La cour relève, après analyse des pièces du dossier que c'est à juste titre que les intimés font valoir l'existence d'un avenant du 10 février 2014 aux termes duquel la société indique 'nous vous prolongeons votre contrat de travail à durée déterminée du 10 février 2014 au 31 mars 2014. Les termes de votre contrat initial restent inchangés'. Cet accord est signé par M. [K], sans que celui-ci ne conteste sa signature dans ses écritures.

Il s'ensuit qu'en l'état de ce second contrat de travail à durée déterminée conclu pour le même motif que celui du 6 décembre 2013 et prenant sa suite, la relation contractuelle s'est régulièrement poursuivie pour une nouvelle durée déterminée prenant fin le 31 mars 2014, date à laquelle l'avenant du 1er avril 2014, non discuté, a transformé la relation de travail en contrat de travail à durée indéterminée à compter de cette date.

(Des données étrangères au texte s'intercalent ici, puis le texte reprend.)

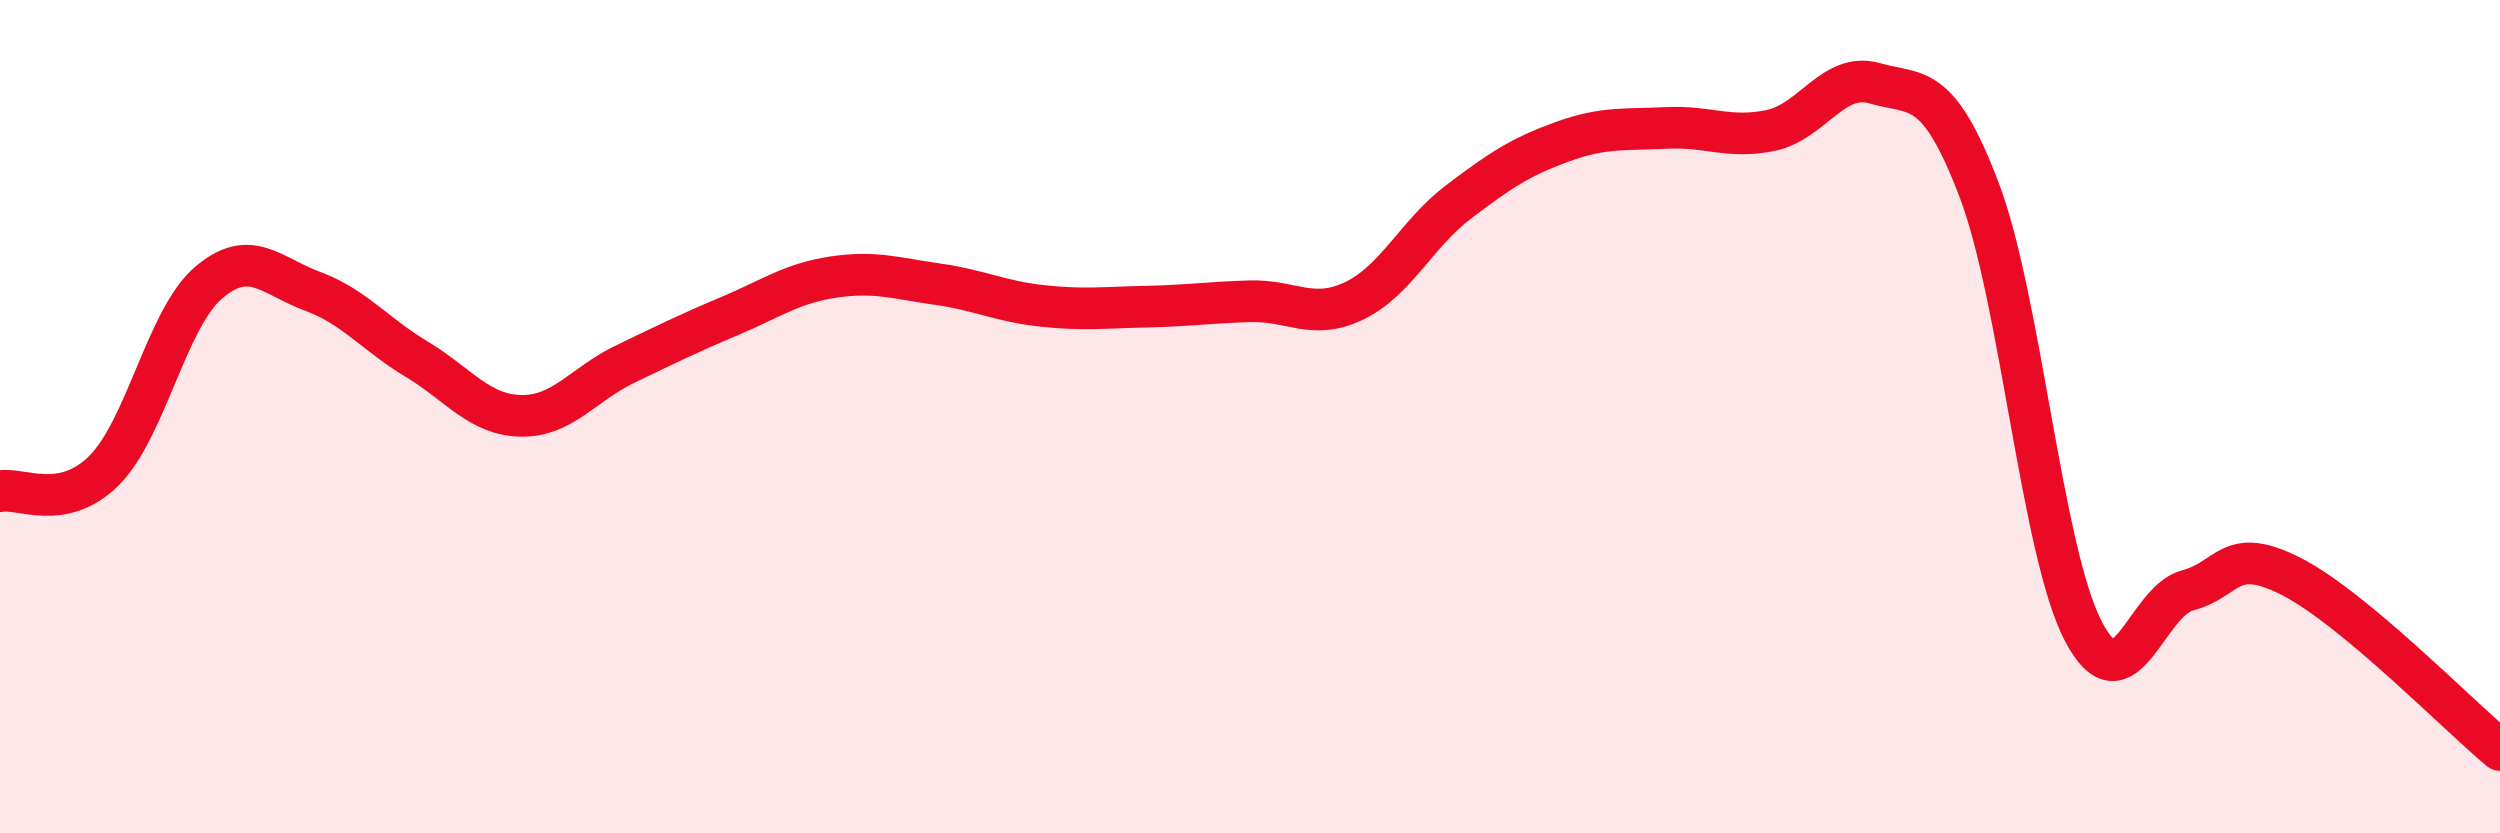 
    <svg width="60" height="20" viewBox="0 0 60 20" xmlns="http://www.w3.org/2000/svg">
      <path
        d="M 0,11.79 C 0.5,11.69 1.5,12.29 2.5,11.29 C 3.5,10.29 4,7.65 5,6.79 C 6,5.93 6.5,6.62 7.5,6.99 C 8.5,7.36 9,8.02 10,8.62 C 11,9.22 11.5,9.96 12.5,9.98 C 13.5,10 14,9.22 15,8.74 C 16,8.26 16.5,8.01 17.5,7.59 C 18.5,7.17 19,6.8 20,6.65 C 21,6.5 21.5,6.68 22.5,6.82 C 23.5,6.96 24,7.23 25,7.34 C 26,7.45 26.5,7.38 27.5,7.36 C 28.5,7.34 29,7.26 30,7.23 C 31,7.2 31.5,7.7 32.5,7.22 C 33.5,6.74 34,5.61 35,4.85 C 36,4.09 36.5,3.76 37.5,3.4 C 38.5,3.04 39,3.12 40,3.07 C 41,3.02 41.5,3.34 42.5,3.13 C 43.5,2.92 44,1.71 45,2 C 46,2.29 46.5,1.93 47.5,4.56 C 48.5,7.19 49,13.23 50,15.15 C 51,17.07 51.5,14.43 52.5,14.17 C 53.5,13.91 53.5,13.07 55,13.84 C 56.5,14.61 59,17.17 60,18L60 20L0 20Z"
        fill="#EB0A25"
        opacity="0.1"
        stroke-linecap="round"
        stroke-linejoin="round"
      />
      <path
        d="M 0,11.79 C 0.5,11.69 1.5,12.29 2.5,11.29 C 3.5,10.29 4,7.65 5,6.79 C 6,5.93 6.5,6.62 7.5,6.99 C 8.5,7.36 9,8.02 10,8.62 C 11,9.22 11.5,9.96 12.5,9.98 C 13.5,10 14,9.22 15,8.74 C 16,8.26 16.5,8.01 17.5,7.59 C 18.5,7.17 19,6.8 20,6.65 C 21,6.5 21.5,6.68 22.5,6.82 C 23.5,6.96 24,7.23 25,7.34 C 26,7.45 26.5,7.38 27.5,7.36 C 28.5,7.34 29,7.26 30,7.23 C 31,7.2 31.5,7.7 32.5,7.22 C 33.5,6.74 34,5.61 35,4.85 C 36,4.09 36.5,3.76 37.5,3.4 C 38.5,3.04 39,3.12 40,3.07 C 41,3.02 41.5,3.34 42.5,3.13 C 43.5,2.92 44,1.71 45,2 C 46,2.29 46.5,1.93 47.5,4.56 C 48.5,7.19 49,13.23 50,15.15 C 51,17.07 51.5,14.43 52.5,14.17 C 53.5,13.91 53.5,13.07 55,13.84 C 56.5,14.61 59,17.17 60,18"
        stroke="#EB0A25"
        stroke-width="1"
        fill="none"
        stroke-linecap="round"
        stroke-linejoin="round"
      />
    </svg>

En définitive, la cour dit que le salarié est mal fondé en sa demande de requalification du contrat de travail à durée déterminée en contrat de travail à durée indéterminée et confirme le jugement de ce chef.

Par confirmation de jugement, il y a lieu également de rejeter la demande d'indemnité de requalification qui est non fondée.

2. Sur la requalification à temps complet et le rappel de salaire

Le salarié sollicite la confirmation du jugement en ce qu'il a reconnu l'existence d'un emploi à temps complet à compter d'avril 2014 et a fixé sa créance au titre des rappels de salaires d'avril 2014 à avril 2017, à la somme de 14 679,30 euros, outre les congés payés afférents.

A l'appui, il fait valoir d'une part que ses horaires extrêmement variables ne lui permettaient pas de prévoir son rythme de travail dans des délais suffisants; d'autre part, qu'à partir du moment où l'employeur a fixé une durée hebdomadaire de 35 heures, il ne pouvait qu'appliquer un temps complet.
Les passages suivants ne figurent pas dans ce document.